Among the services SafetyOne offers: COVID-19 lab test results posted on the profile page of an employee or volunteer; notification of positive cases; tracking for cleaning and disinfecting schedules; collection of waivers with new language; distribution of new policies and procedures; and monitoring completion of new training materials related to COVID-19 and return to play.
SafetyOne, which previously has provided drug screening for its customers’ employees, will soon allow individuals to sign up for COVID-19 testing through the platform. The results become available to the individual and the event administrator. SafetyOne partners with national laboratory testers, who would administer the tests.
The types of youth sports organizations showing interest in COVID-19 testing are larger organizations, such as event races with several hundred employees and athletic facilities that stage youth sports events with significant gatherings, Kelly said.
“Every organization will have a different standard on the timing of these tests,” he said. “Most privately-owned facilities we’re talking to are looking at doing a monthly test. Most of the organizations we work with in youth sports have the capacity for testing, but there’s a catch-22. Most organizations are very, very hesitant because they don’t think parents and families in youth sports will be willing to participate without the knowledge and comfort testing can provide. We feel by offering a very accessible test like this, we can swing the pendulum so people can see there are tests being made available, and there’s proof and transparency with a coach that the tests have been administered.”

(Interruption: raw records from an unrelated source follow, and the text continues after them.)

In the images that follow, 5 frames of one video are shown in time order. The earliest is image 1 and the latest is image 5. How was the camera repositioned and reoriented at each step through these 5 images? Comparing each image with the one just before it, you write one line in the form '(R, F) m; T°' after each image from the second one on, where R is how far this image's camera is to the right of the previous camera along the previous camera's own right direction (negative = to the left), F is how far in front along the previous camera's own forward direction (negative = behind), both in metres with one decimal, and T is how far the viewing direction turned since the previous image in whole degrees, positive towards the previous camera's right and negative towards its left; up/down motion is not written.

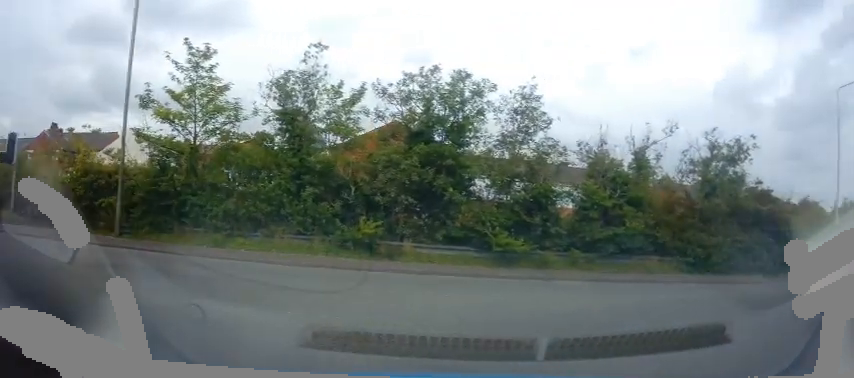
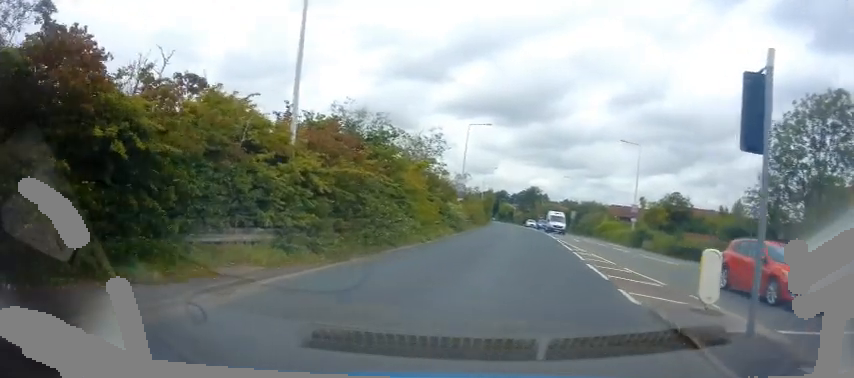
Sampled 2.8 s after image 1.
(+9.8, +11.9) m; +54°
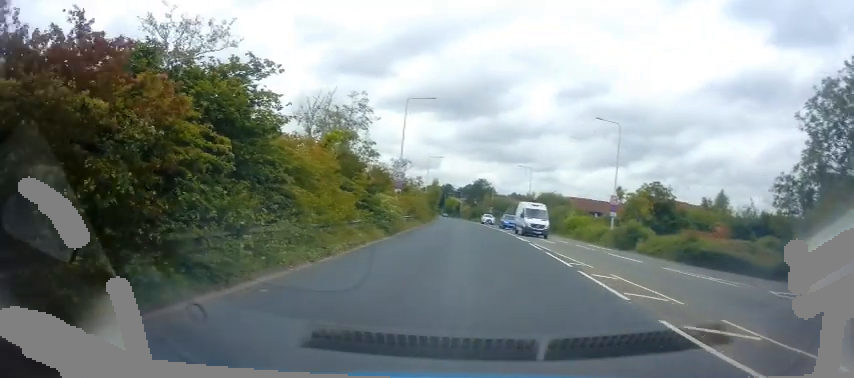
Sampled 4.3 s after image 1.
(+0.4, +9.1) m; +4°
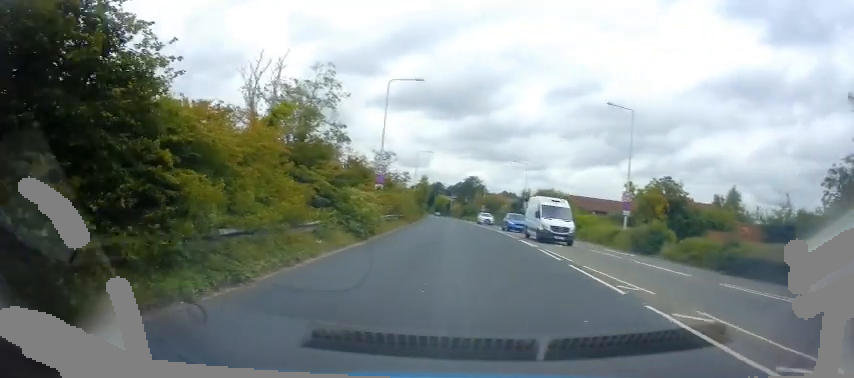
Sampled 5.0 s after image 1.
(+0.1, +5.3) m; +1°
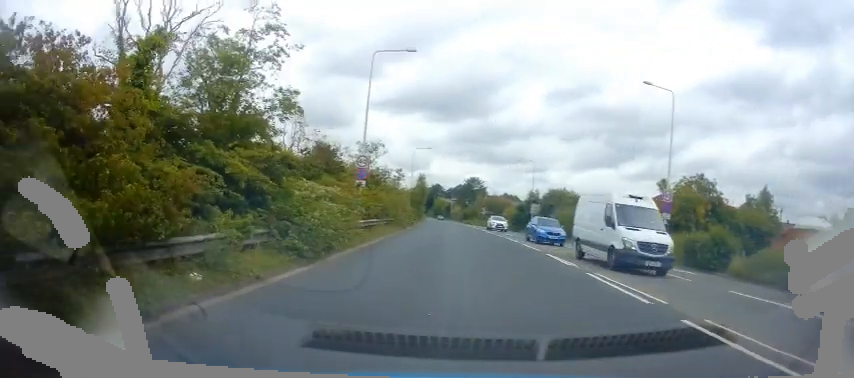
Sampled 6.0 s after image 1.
(0.0, +6.8) m; -2°

The projected cost per COVID-19 test through SafetyOne is around $100.
SafetyOne also provides a COVID-19 readiness statement asking yes and no questions on topics that organizations should be considering, plus incident reporting features and checking for high temperatures and symptoms. The company’s services include training staff on new policies.
The base subscription for SafetyOne is $19.99 per month for smaller organizations; larger organizations may pay a couple thousand dollars a month. SafetyOne had about 500 customers prior to the shift and is just starting to roll out COVID-19 services.

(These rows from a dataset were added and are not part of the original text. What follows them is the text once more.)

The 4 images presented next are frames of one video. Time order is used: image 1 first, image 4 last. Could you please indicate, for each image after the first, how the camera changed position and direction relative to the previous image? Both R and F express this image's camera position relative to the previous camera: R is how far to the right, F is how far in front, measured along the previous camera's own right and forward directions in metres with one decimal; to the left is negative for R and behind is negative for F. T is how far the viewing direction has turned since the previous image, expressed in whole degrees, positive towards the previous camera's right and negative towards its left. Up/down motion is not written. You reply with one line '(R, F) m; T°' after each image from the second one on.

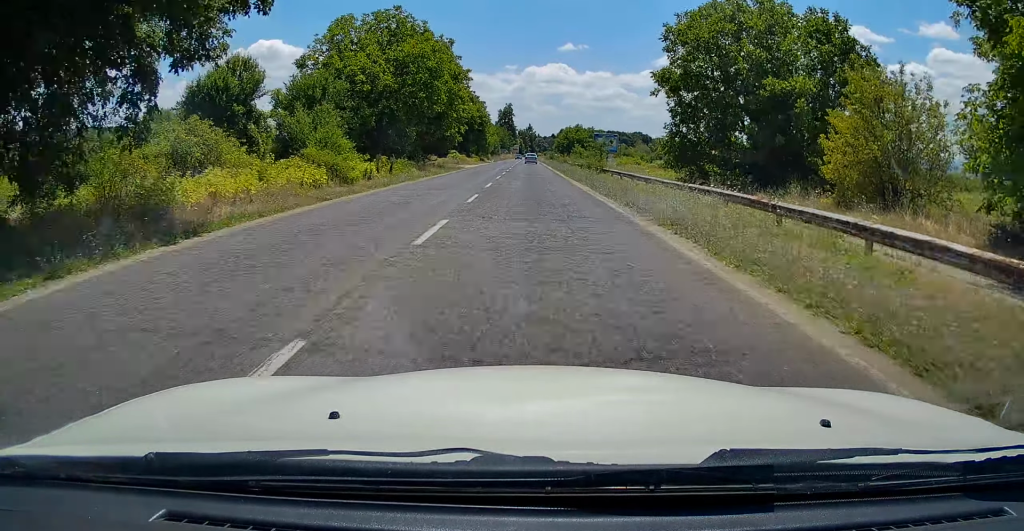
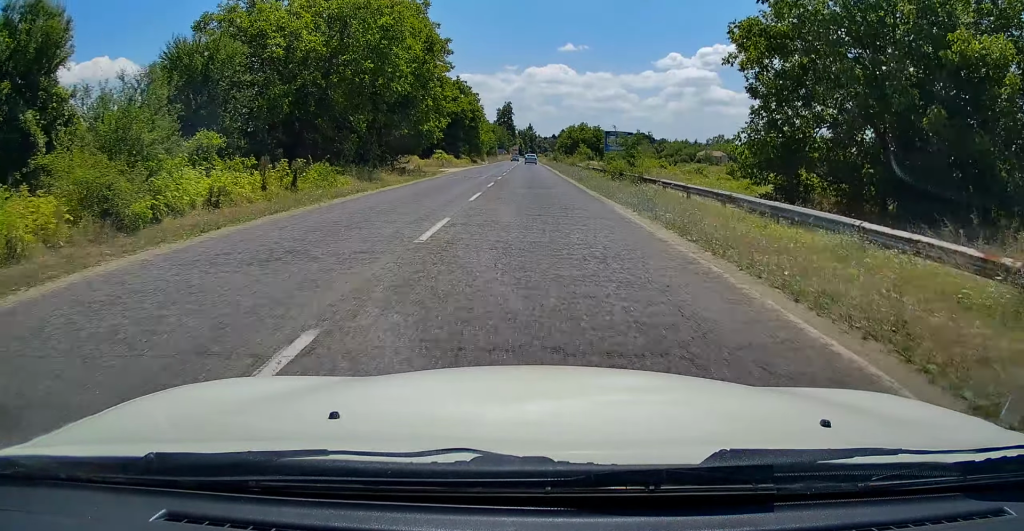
(-0.2, +15.1) m; +1°
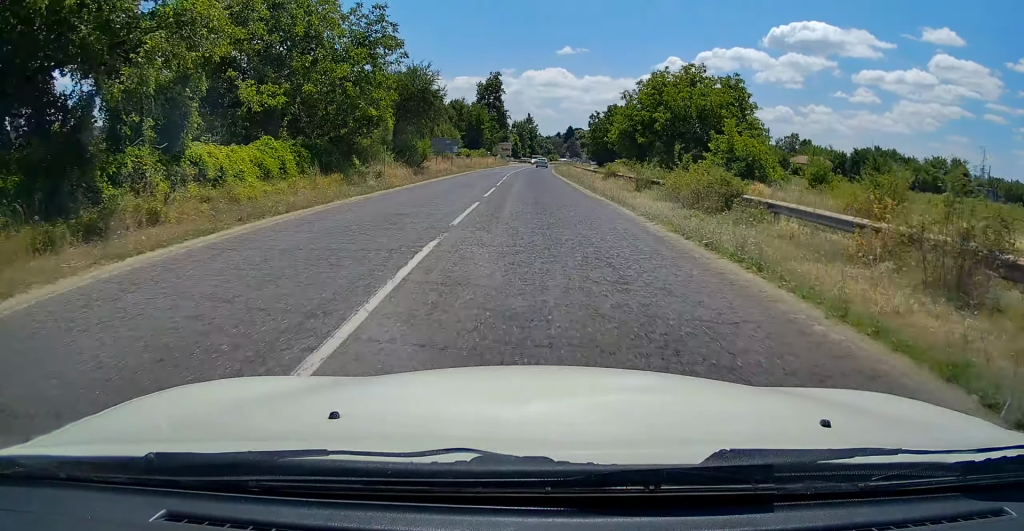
(-0.6, +111.0) m; 0°
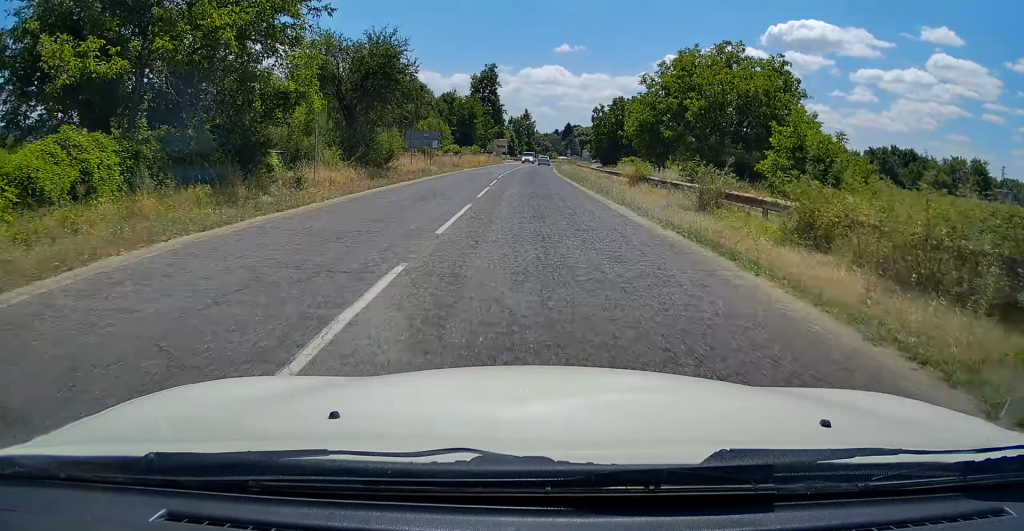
(0.0, +11.0) m; 0°

Will coaches need training in Return to Play guidelines?
One of the unknown questions is what the demand will look like from parents for COVID-19 safety guidelines and compliance – and for how long.
“I once surveyed parents two questions: Do you Google the youth sports coach of your child, and do you Google where you go to lunch?” Kerig said. “It took more than 1,000 answers before someone answered question number one. As coaches, most of us are not trained. How can we create a minimum coaching standard?”
Jean Lee Batrus, executive director of the MLB-MLBPA Youth Development Foundation, expects that coaches will eventually have to go through additional training related to COVID-19.
“This is similar to the exercise we had to go through with SafeSport (after widespread cases of athletes being sexually abused) and looking at a whole new way of certifying to make sure kids remain safe,” Batrus said. “If there’s a requirement to train under COVID-19 safe and health guidelines, can we amplify and add in some other (coach training) resources? I would agree that we need to lean on the (National Governing Bodies) and other national bodies to really mandate it, and that’s where we can engage the government and policymakers to have this enforceable.”
In the meantime, Kerig has heard about some alarmed parents showing up to soccer practices and realizing their child hasn’t been approved to play. It’s usually because the Clear2Play email went to the wrong parent or got overlooked in an inbox.
“It’s really important that adoption of this is 100% on a team,” Kerig said. “This sorts itself out real quick in the parking lot.”